Asterisk, signum sectionis, dagger, two pipes, double dagger. If you're a typophile or an Anglican—or if you're that not unusual combination of people who have heard of archbishops and the movie Helvetica—you'll be familiar with these forms of punctuation.

The Manual Acts

With the lovely pilcrow, ¶, they're perennial, unavoidable markers of when and what in liturgical typesetting. No matter the language of the liturgy, they are fairly consistent through the centuries since 1549 and 1662. The pilcrow indicates directions in general, but *, §, †, ||, and ‡ are something else altogether. *, §, †, ||, and ‡ tell the celebrant of the liturgy when and how to be like Christ by taking, touching, holding, and breaking the eucharistic elements. Long before Dom Gregory Dix set out his famous Shape of the Liturgy, the shape of the liturgy was codified not just in words, but in concrete actions through these fine little symbols.

Our liturgical books tell us that through nearly 500 years this pattern of actions—called the manual acts—has been firm.* No matter our country, the state of peace or war, the diocese or parish in which we happen to find ourselves, our personal fitness or distraction, the *, §, †, ||, and ‡ have been our church's printed guarantee that the same things happen in the same ways. There is something comforting in this, and it moves us not a little every time we see the reminder of it. It shows us that whatever may divide us, typography puts us all on the same page as often in the daily, weekly, and festal cycles we participate in a celebration of the Holy Communion.

Though *, §, †, ||, ‡, and ¶ look like LOL-speak or Twitter-talk, they're ancient, they're an enduring part of our tradition, and they work. They make the remotest past present, changing then to now and there to here. As people who think often about then and there, but who live now and here, *, §, †, ||, ‡, and ¶ mean quite a lot to us.
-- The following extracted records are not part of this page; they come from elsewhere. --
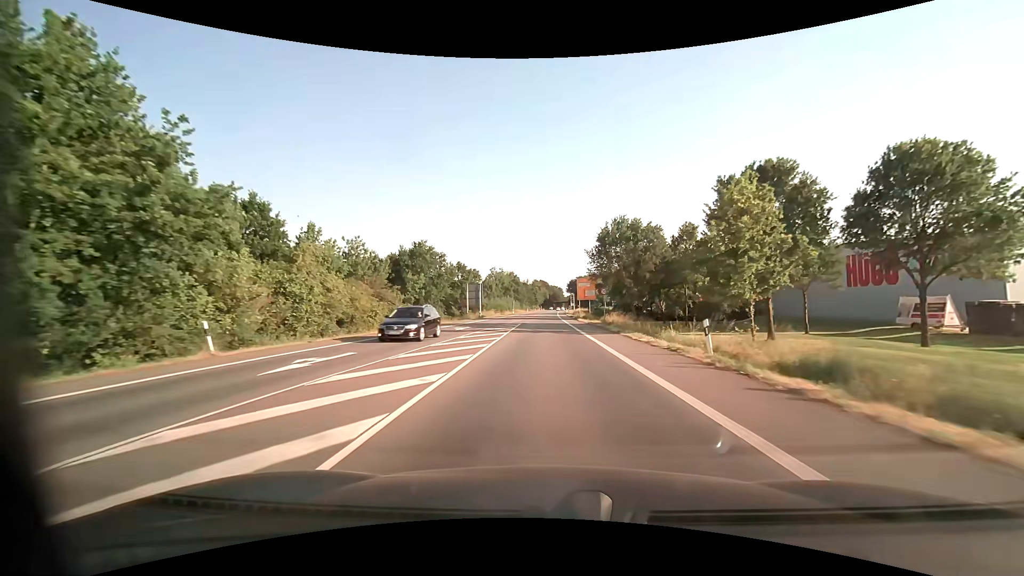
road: primary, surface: asphalt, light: Day
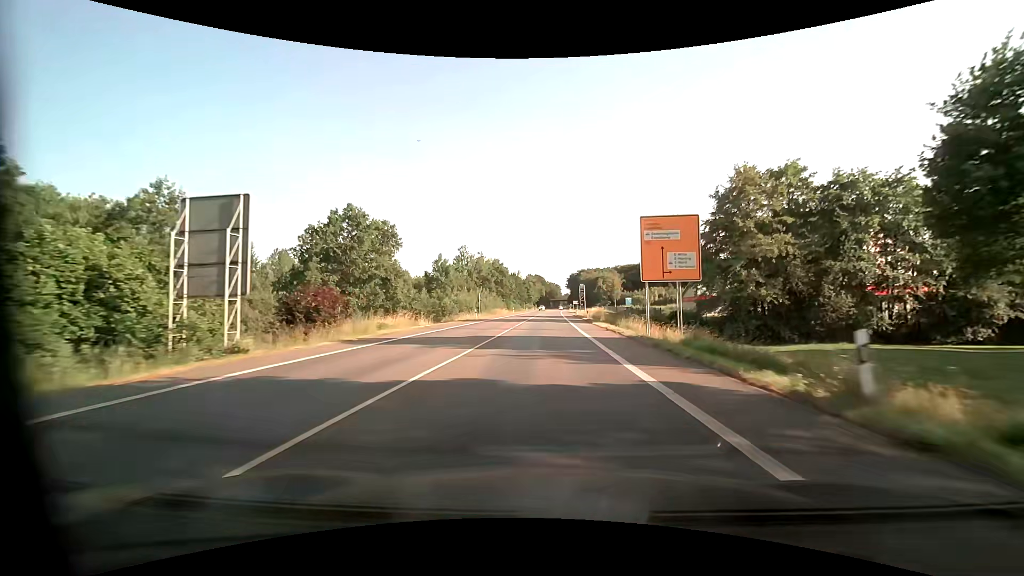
(+0.1, +58.3) m; +1°
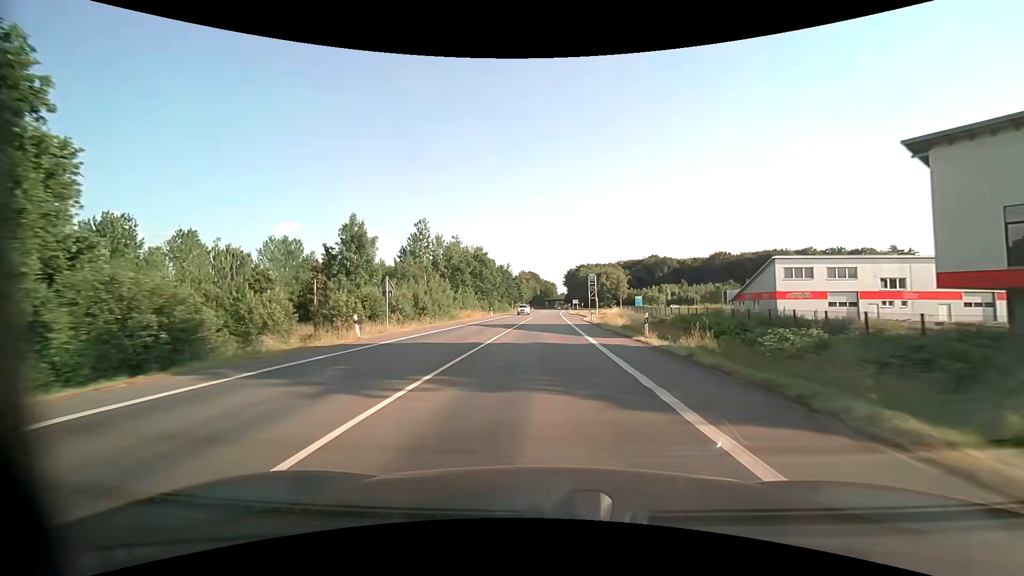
(+0.2, +35.0) m; 0°
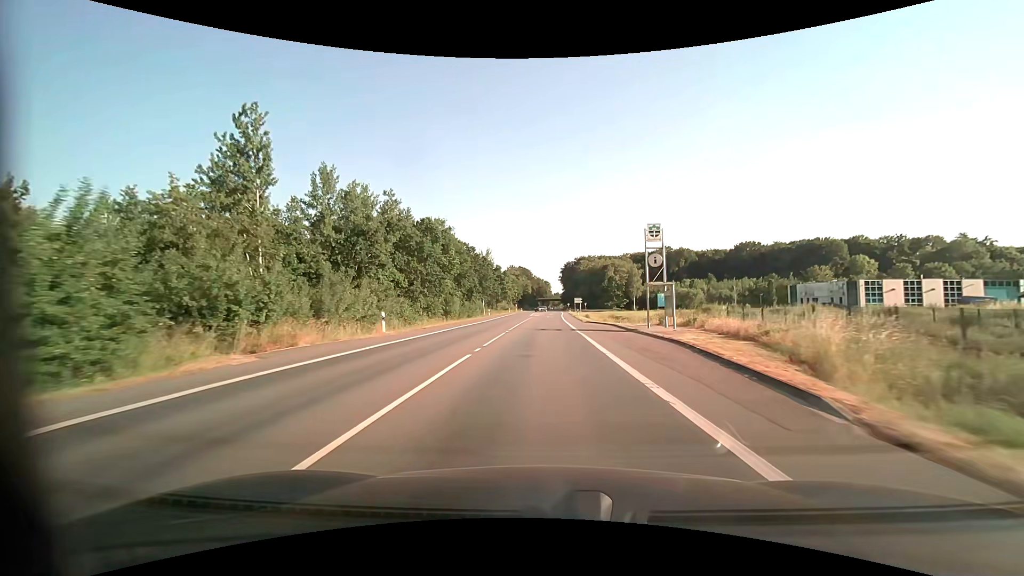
(+0.3, +46.7) m; +1°
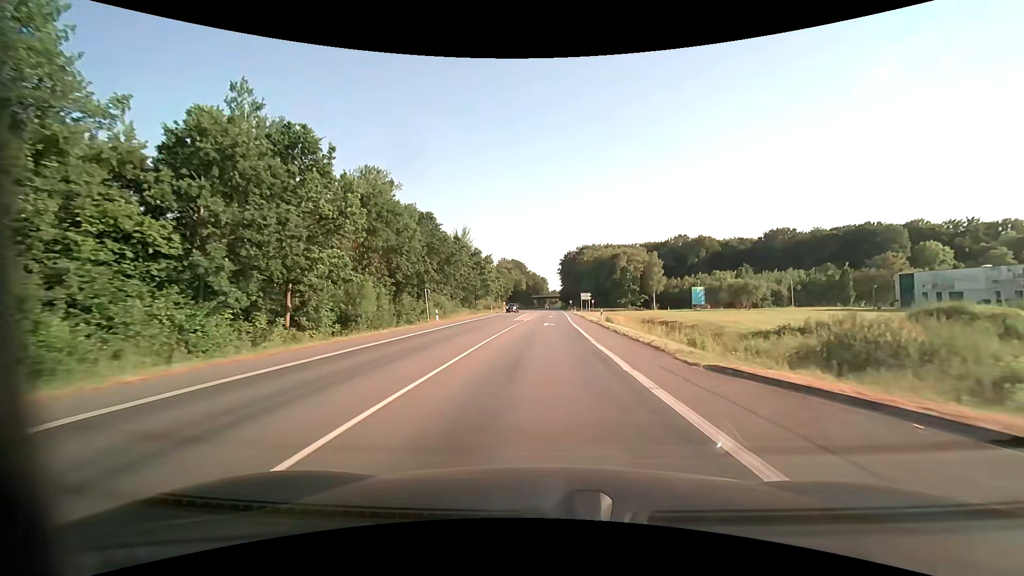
(+0.1, +34.8) m; 0°
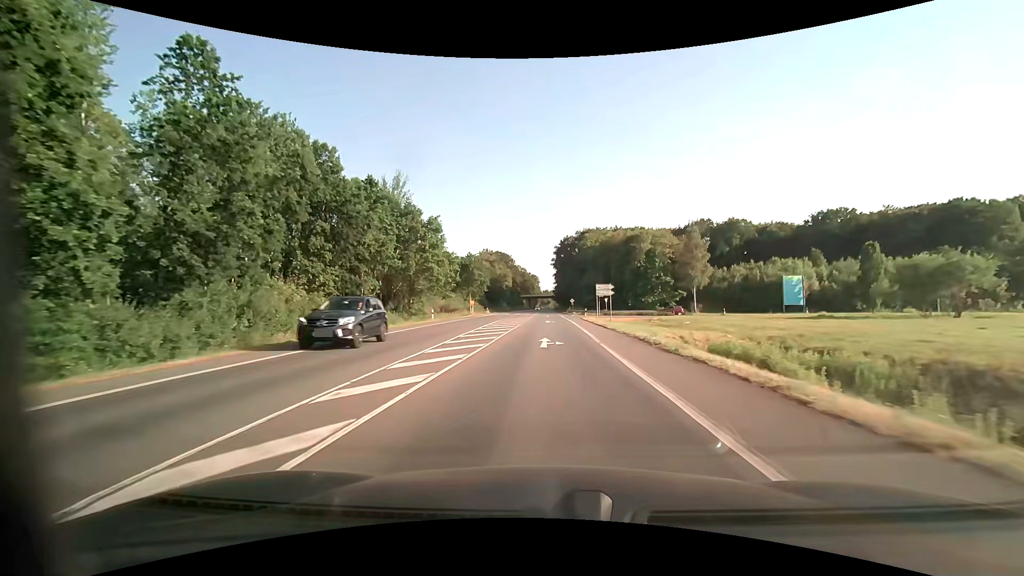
(+0.4, +42.0) m; +1°
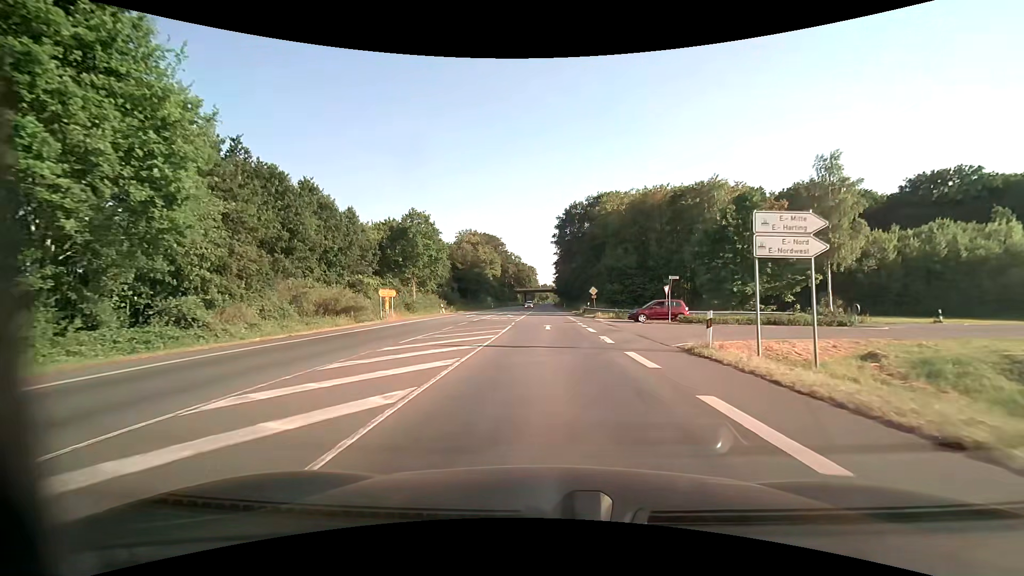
(0.0, +41.6) m; 0°
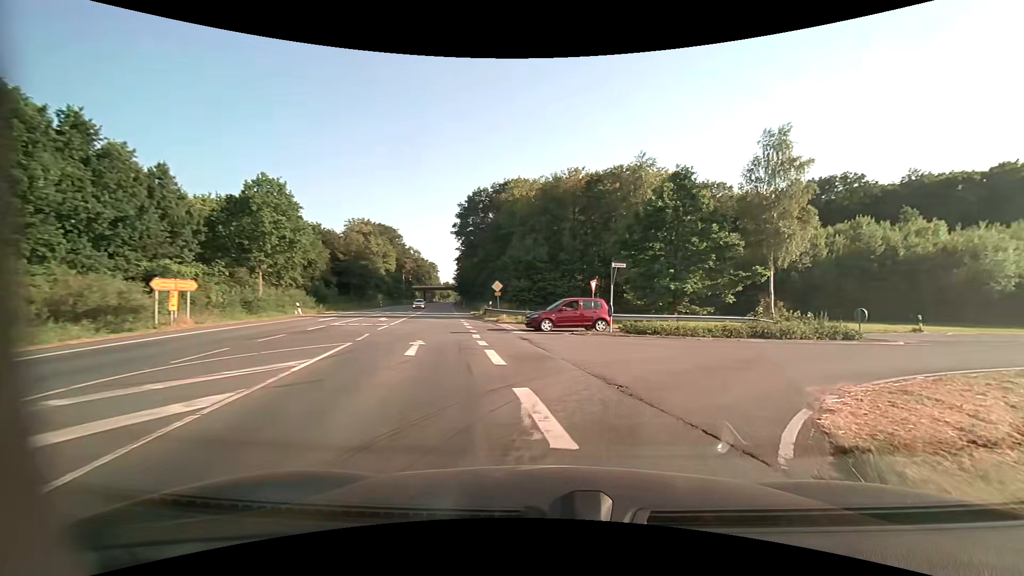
(+0.6, +11.5) m; +10°

They're the ecclesiastical equivalent of an address at which we formed a strong memory, a menu item that recalls an absent friend with whom we shared a meal, a smell that brings back a strength of affection, or a sight that moves our hearts to fresh plans for active love.

In light of the effectiveness and staying power of *, §, †, ||, and ‡, we wonder what our church and lives might look like if our tradition gave us typographical directions from the remote past for other moments of grace.

# Here shall the congregation smile.

@ And now shall they smile again.

◊ And here shall they banish ill thoughts of their neighbours.

ß Here shall they stop worrying about X and get on with something else.**

Can you imagine? We can, and we bet you can, too.

See you next week. *, §, †, ||, ‡. #, @, ◊, ß.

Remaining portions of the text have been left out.